Des accusations d'irrégularités avaient également marqué le scrutin de 2017, sans qu'elles ne soient prises en compte, selon Justin Pearce, spécialiste de histoire angolaise à l'Université Stellenbosch en Afrique du Sud.
"Cela a créé beaucoup de colère dans la société civile", a affirmé M. Pearce.
Des observateurs étrangers sont arrivés dans le pays ces dernières semaines.
Dauphin de Jose Eduardo dos Santos, M. Lourenço, son ex-ministre de la Défense, avait remporté 61% des voix en 2017. Il avait surpris en lançant une vaste opération "mains propres" contre son mentor et sa famille, accusés d'avoir détourné des milliards, écartant sa garde rapprochée de la direction du parti et des institutions.
Héritant d'une économie dépendante du pétrole, profondément en récession, il a lancé des réformes ambitieuses, saluées à l'étranger, pour diversifier les sources de revenus et privatiser les entreprises publiques. Mais peu de choses ont changé pour la majorité des Angolais, qui peinent à se nourrir dans un contexte d'inflation galopante et de grave sécheresse.

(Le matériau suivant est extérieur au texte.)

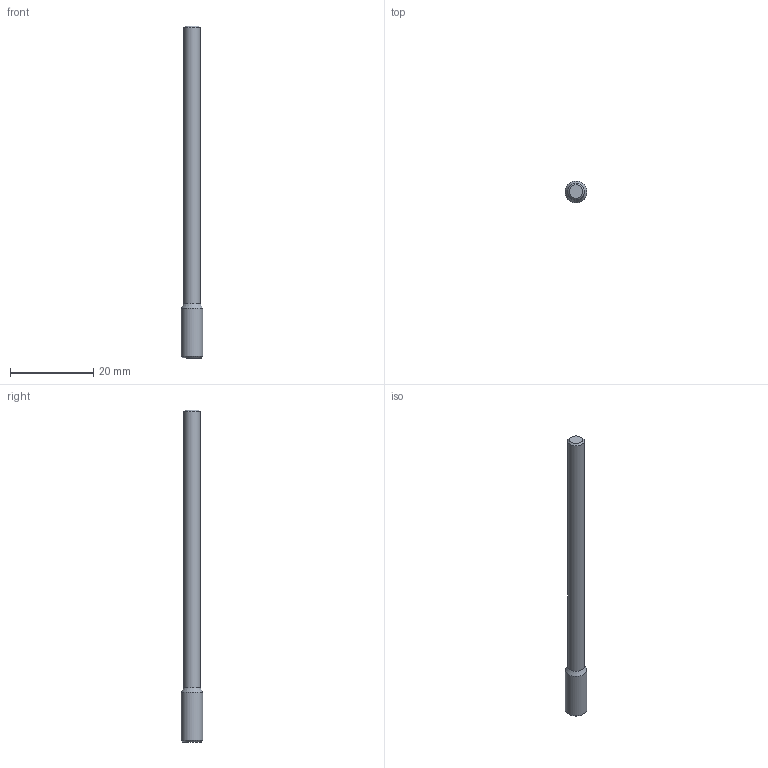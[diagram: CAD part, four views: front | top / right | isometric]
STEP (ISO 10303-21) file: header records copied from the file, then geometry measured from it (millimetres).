
FILE_DESCRIPTION (( 'STEP AP203' ), '1' );
FILE_NAME ('321748.step', '2021-12-02T12:57:16', ( '' ), ( '' ), 'SwSTEP 2.0', 'SolidWorks 2019', '' );
FILE_SCHEMA (( 'CONFIG_CONTROL_DESIGN' ));
Length unit declared in the file: millimetre
Products named in the file (1): 321748
Bounding box: 5.22 x 5.22 x 80 mm (x, y, z)
Volume: 1113.6 mm3; surface area: 1125.3 mm2
Topology: 2 solids, 2 shells, 9 faces, 12 edges, 7 vertices
Faces by surface type: plane 4, cone 3, cylinder 2
Full cylindrical faces by diameter (mm): 4 x1, 5.22 x1
Entity records: 239 total; most frequent: DIRECTION 34, CARTESIAN_POINT 24, AXIS2_PLACEMENT_3D 17, EDGE_LOOP 14, ORIENTED_EDGE 14, FACE_OUTER_BOUND 11, ADVANCED_FACE 9, PERSON_AND_ORGANIZATION 8
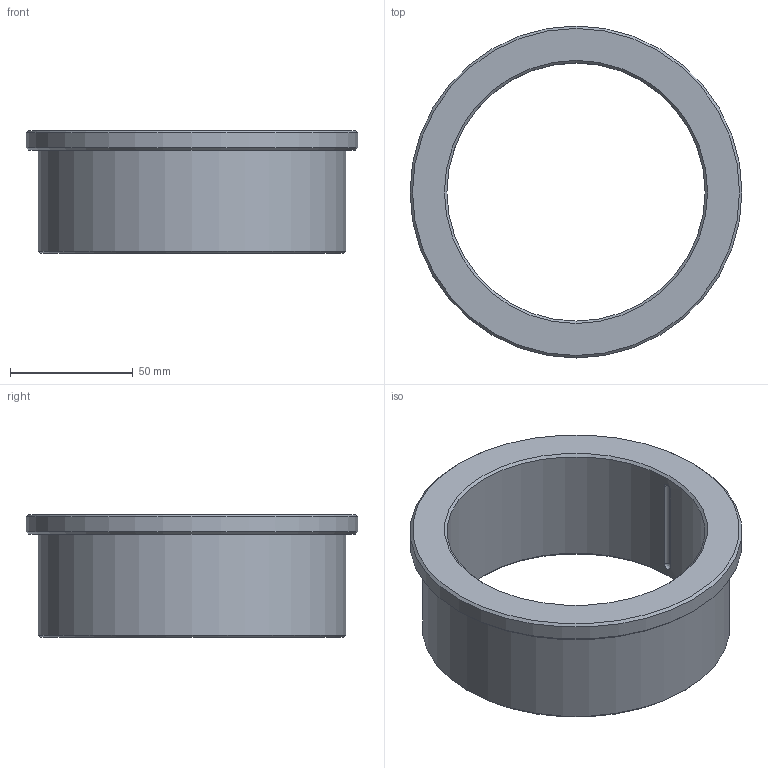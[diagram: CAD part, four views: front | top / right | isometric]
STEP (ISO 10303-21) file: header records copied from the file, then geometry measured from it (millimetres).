
FILE_DESCRIPTION(('STEP AP203'),'1');
FILE_NAME('590-LMF10550.stp','2018-04-20T09:13:15',(' '),(' '),'Spatial InterOp 3D',' ',' ');
FILE_SCHEMA(('CONFIG_CONTROL_DESIGN'));
Length unit declared in the file: metre
Products named in the file (2): 590-LMF105x50
Assembly tree (1 placements, depth 2):
  (unnamed)
    590-LMF105x50
Bounding box: 135 x 135 x 50 mm (x, y, z)
Volume: 195865.3 mm3; surface area: 46642.9 mm2
Topology: 1 solids, 1 shells, 16 faces, 31 edges, 19 vertices
Faces by surface type: cylinder 5, cone 5, plane 4, bspline 2
Full cylindrical faces by diameter (mm): 105 x1, 125 x1, 135 x1
Entity records: 5646 total; most frequent: CARTESIAN_POINT 5248, DIRECTION 66, ORIENTED_EDGE 46, AXIS2_PLACEMENT_3D 31, EDGE_LOOP 28, EDGE_CURVE 23, FACE_OUTER_BOUND 19, VERTEX_POINT 19
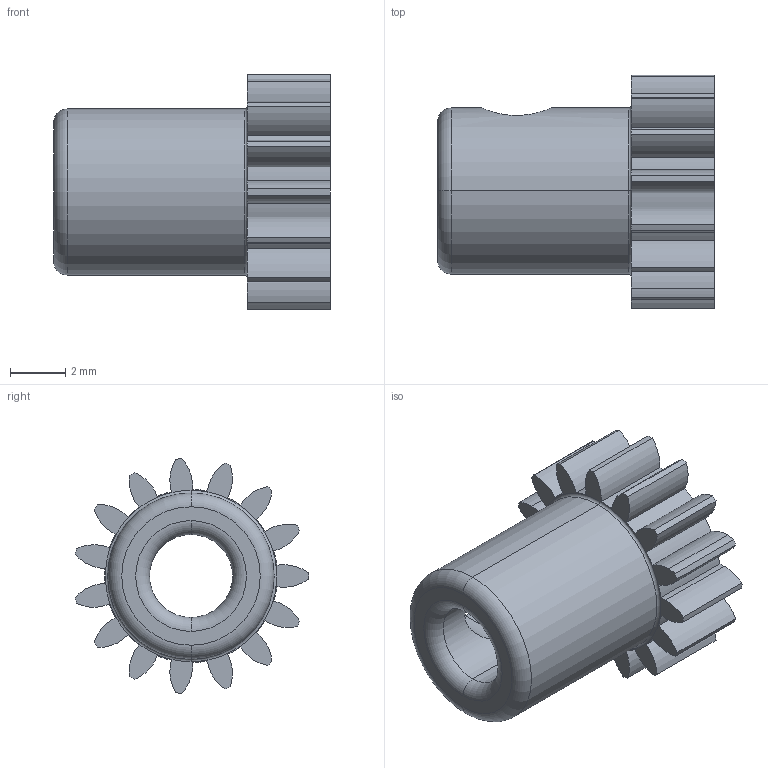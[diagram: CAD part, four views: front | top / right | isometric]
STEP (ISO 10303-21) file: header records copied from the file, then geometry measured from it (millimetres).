
FILE_DESCRIPTION (( 'STEP AP203' ), '1' );
FILE_NAME ('Gear M1 Z15 M0_5.STEP', '2021-07-18T09:47:36', ( '' ), ( '' ), 'SwSTEP 2.0', 'SolidWorks 2020', '' );
FILE_SCHEMA (( 'CONFIG_CONTROL_DESIGN' ));
Length unit declared in the file: millimetre
Products named in the file (1): Gear M1 Z15 M0_5
Bounding box: 10 x 8.43 x 8.47 mm (x, y, z)
Volume: 243.8 mm3; surface area: 434.8 mm2
Topology: 1 solids, 1 shells, 79 faces, 222 edges, 146 vertices
Faces by surface type: cylinder 70, torus 6, plane 3
Entity records: 2801 total; most frequent: CARTESIAN_POINT 536, DIRECTION 526, ORIENTED_EDGE 444, AXIS2_PLACEMENT_3D 228, EDGE_CURVE 222, CIRCLE 148, VERTEX_POINT 146, EDGE_LOOP 84

"Le MPLA doit faire beaucoup mieux, ils doivent enrayer la pauvreté, (...) créer des emplois, (...) fournir de meilleurs services. S'ils ne le font pas, ils auront une révolution entre les mains", assure Paula Cristina Roque, analyste politique indépendante.
Qui que soit le vainqueur de l'élection, "les cinq prochaines années vont être douloureuses", selon Mme Roque.